Others, like opera singer Luciano Pavarotti, television mogul Merv Griffin, and author Kurt Vonnegut, made the list, not because of their money (even though they had tons of it), but because their lives were spent entertaining us all, spreading untold joy and pleasure around the world. Who hasn't thrilled to the golden tones of a Pavarotti aria, or whiled away countless hours matching wits with contestants on "Jeopardy" and "Wheel of Fortune?" And if you haven't read "Cat's Cradle," well, your education, not to mention your laugh-out-loud quotient, is sorely lacking. Fortunately, for all of us, each of these famous individuals left behind a body of work that will continue to entertain and educate for generations to come.
So, do you have to be famous, or talented, or publicly humiliated to be remembered? Or can just anybody leave a legacy? For that matter, what is a legacy? Is it just being remembered by someone for something? Or does it have to be more special than that? Is it something we all should aspire to, or not even bother with?

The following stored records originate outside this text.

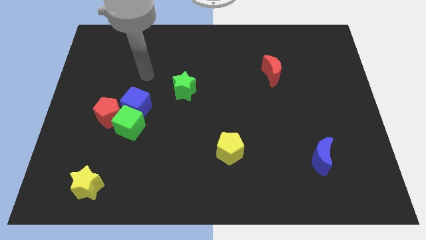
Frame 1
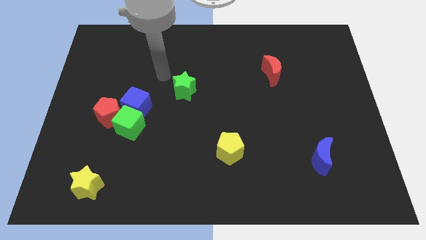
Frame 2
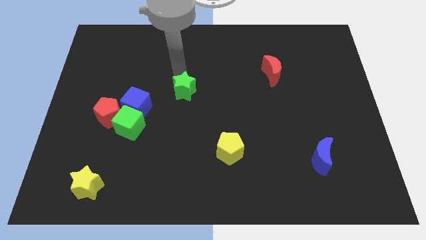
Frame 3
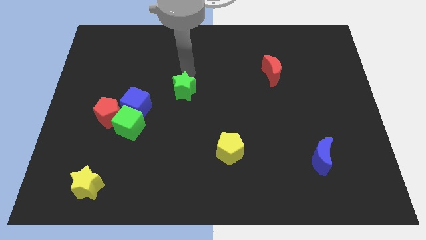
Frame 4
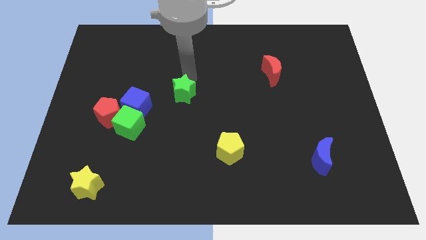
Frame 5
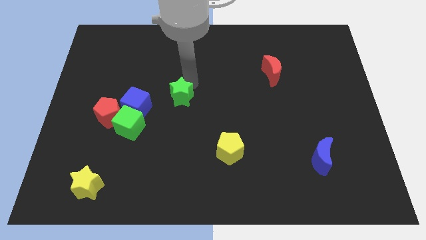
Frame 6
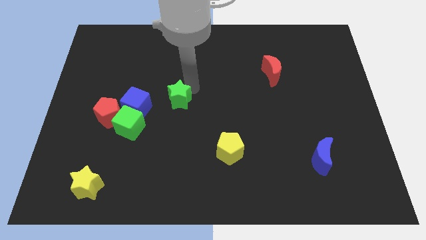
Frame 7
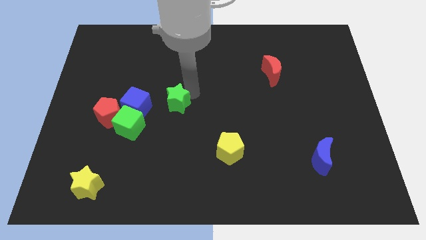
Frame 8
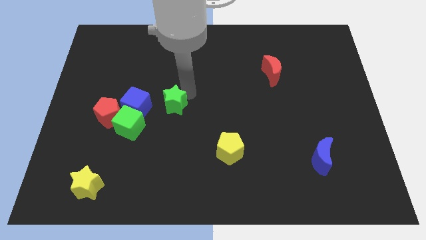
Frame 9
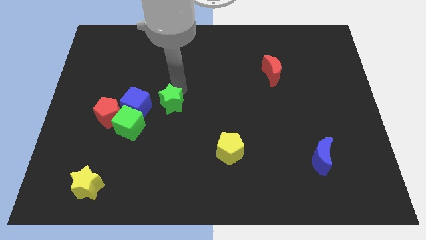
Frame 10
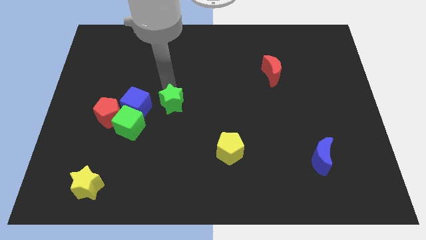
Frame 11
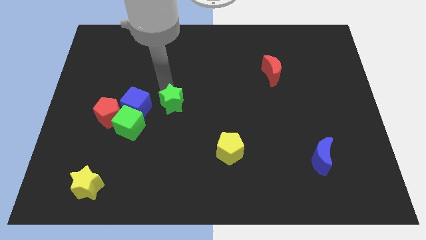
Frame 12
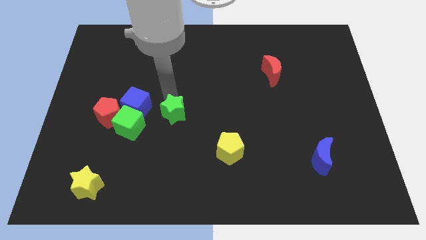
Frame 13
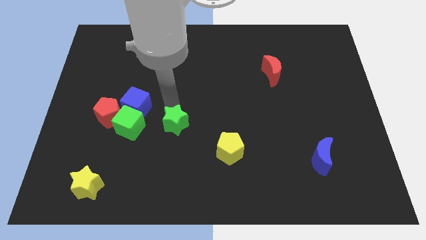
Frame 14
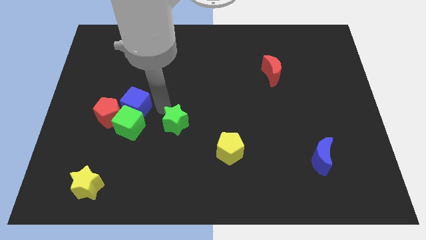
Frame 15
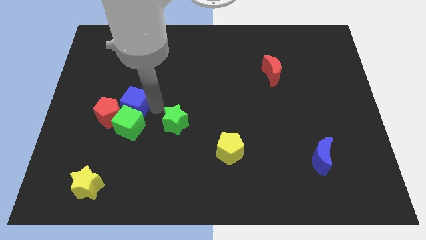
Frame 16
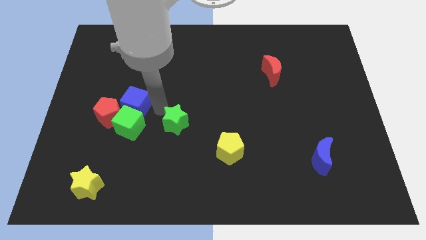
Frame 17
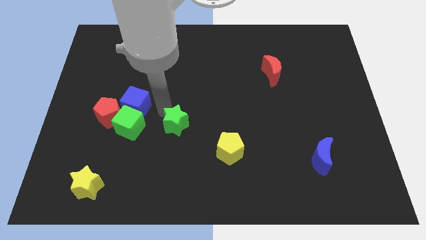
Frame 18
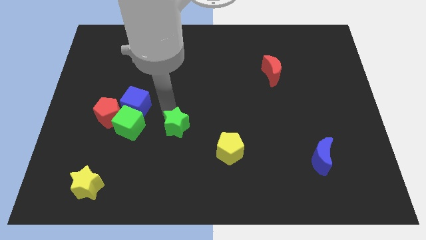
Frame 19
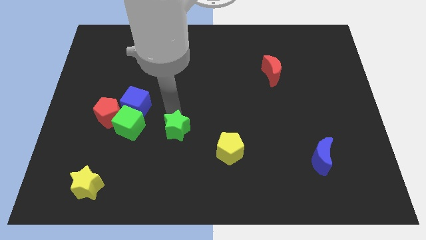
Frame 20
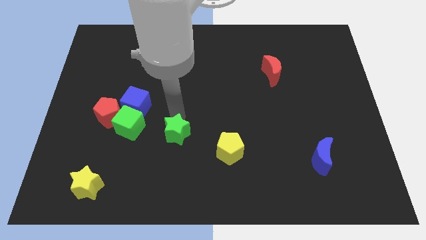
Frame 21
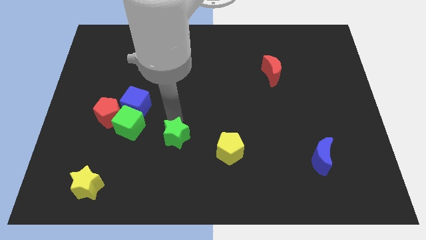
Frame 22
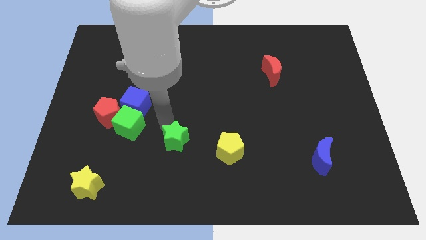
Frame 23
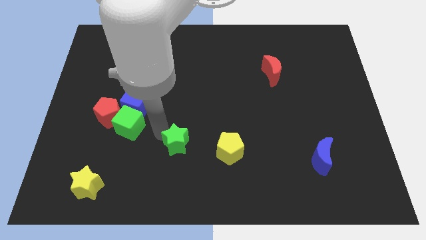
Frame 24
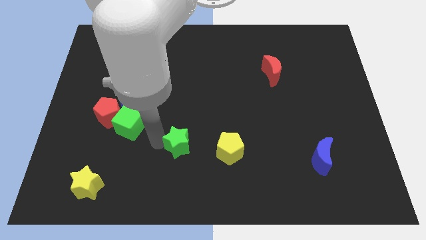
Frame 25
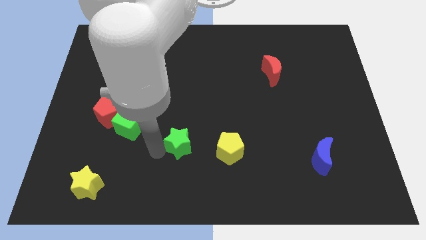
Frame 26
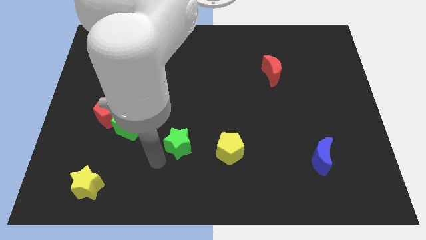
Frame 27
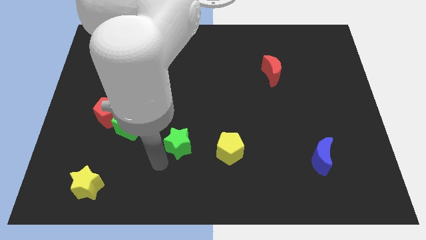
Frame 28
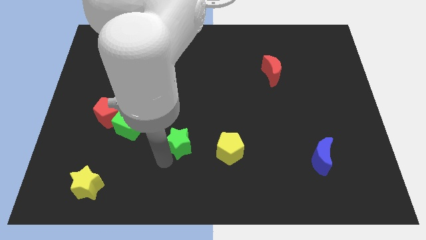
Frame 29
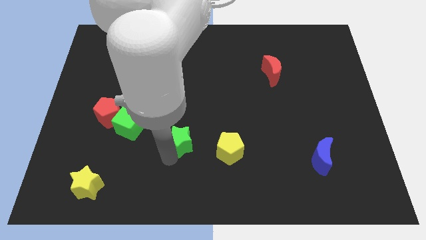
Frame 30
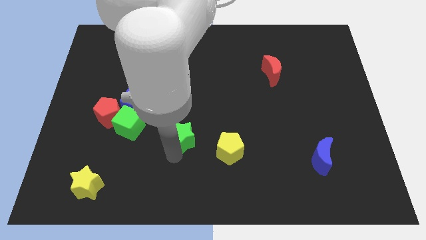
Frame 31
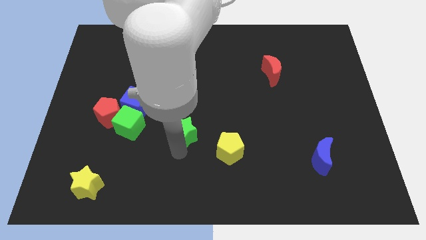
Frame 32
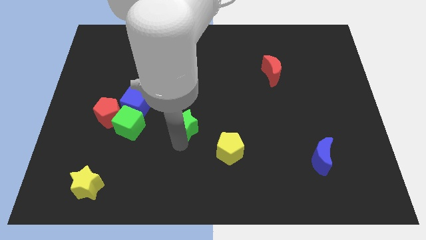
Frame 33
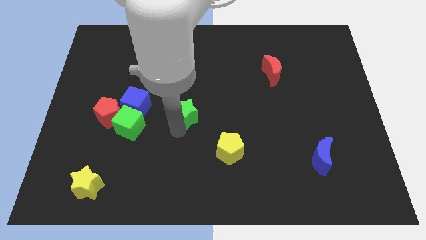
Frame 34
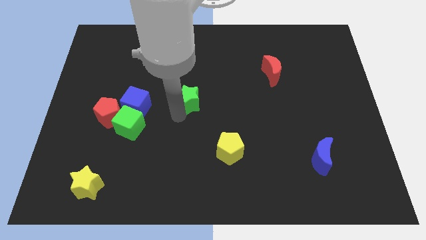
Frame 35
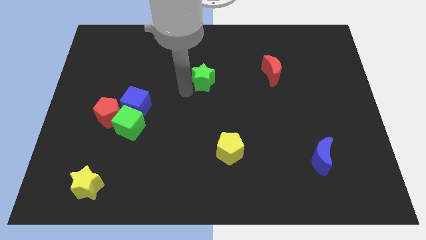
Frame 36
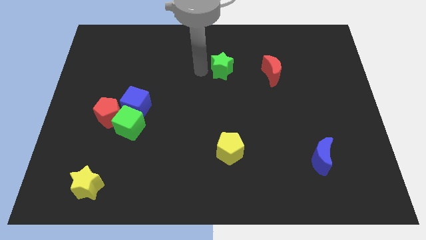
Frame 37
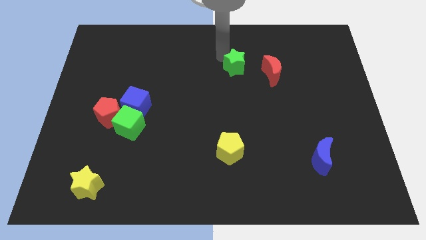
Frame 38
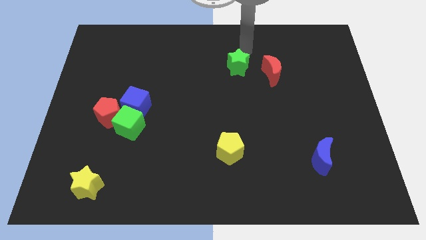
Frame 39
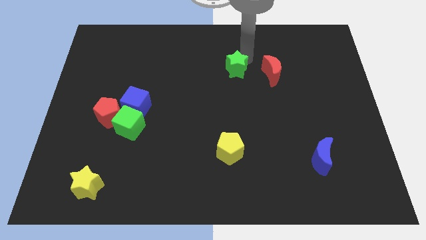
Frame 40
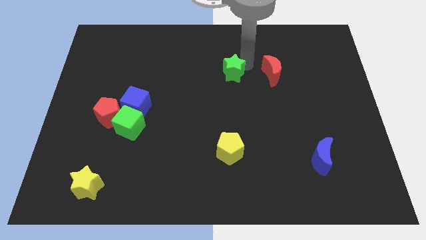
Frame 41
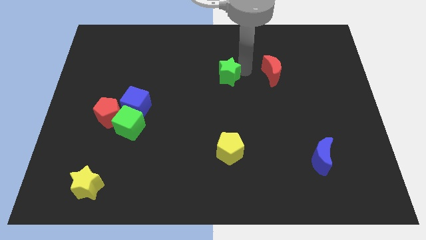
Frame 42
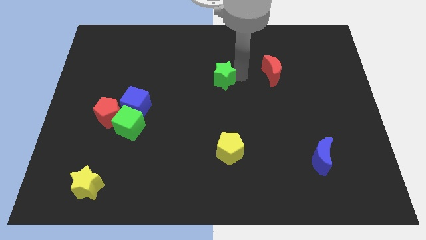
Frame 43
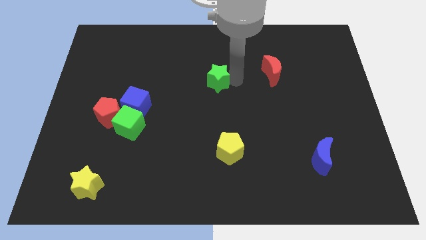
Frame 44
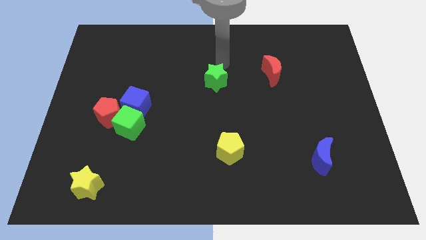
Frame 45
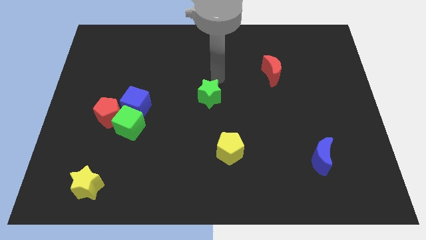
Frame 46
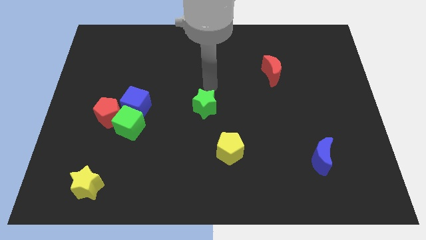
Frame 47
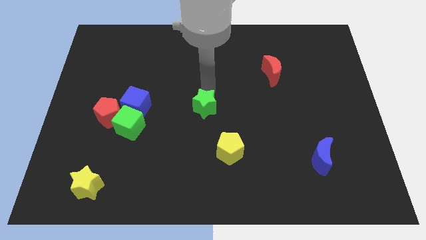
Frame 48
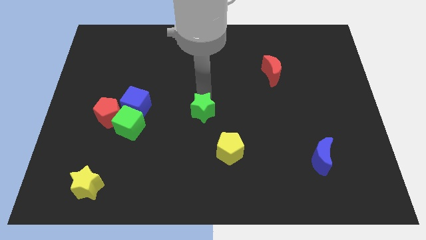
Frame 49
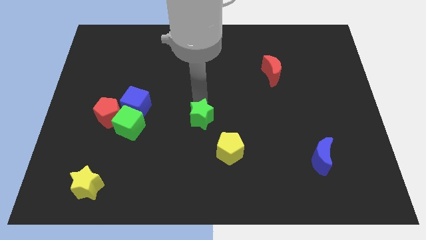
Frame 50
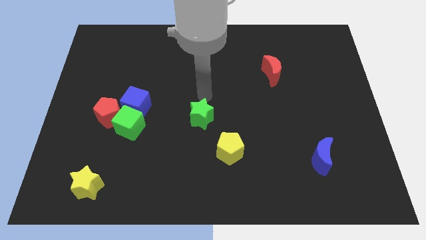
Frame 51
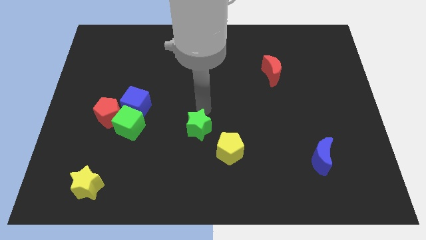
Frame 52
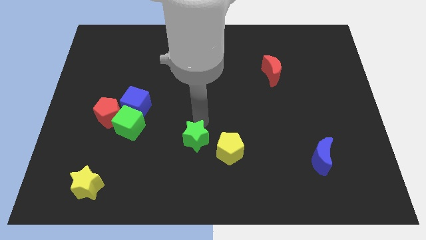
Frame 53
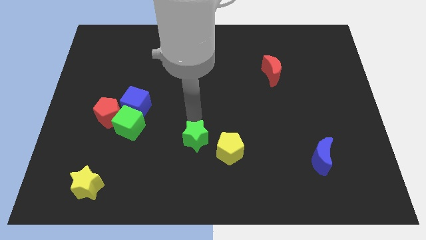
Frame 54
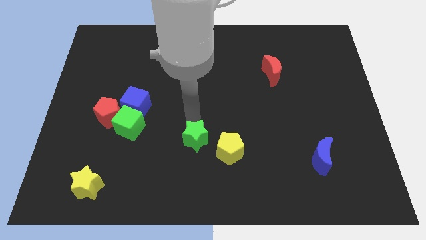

Webster defines a legacy, first of all, as "money or property left behind in a will." That's something we all could aspire to, but it leaves me with a sort of "so what" feeling. Anybody can make money. And that "legacy" can quickly disappear in the hands of careless or unscrupulous or just unlucky descendants. So, why do so many of us devote our whole lives to pursuing it?
The second definition of legacy: "something resulting from or left behind by an action, event, or person" - I find much more intriguing and inspiring.
I want to leave a legacy of family traditions, inside jokes, and bits of homegrown wisdom that will be passed down through generations of my family. My great Aunt Sarah's recipe for Sour Cream Sugar Cookies, my mother's stories about growing up dirt-poor on a farm in Northern Michigan, and my father-in-law's silly puns, endlessly repeated - those are more of a legacy to my children than any amount of money. And no one can "spend" them foolishly or fritter them away on a gamble.
All they can do is pass them down, so generations yet unborn will know they have a proud and precious heritage. Knowing they belong to something bigger than themselves - now that's a legacy.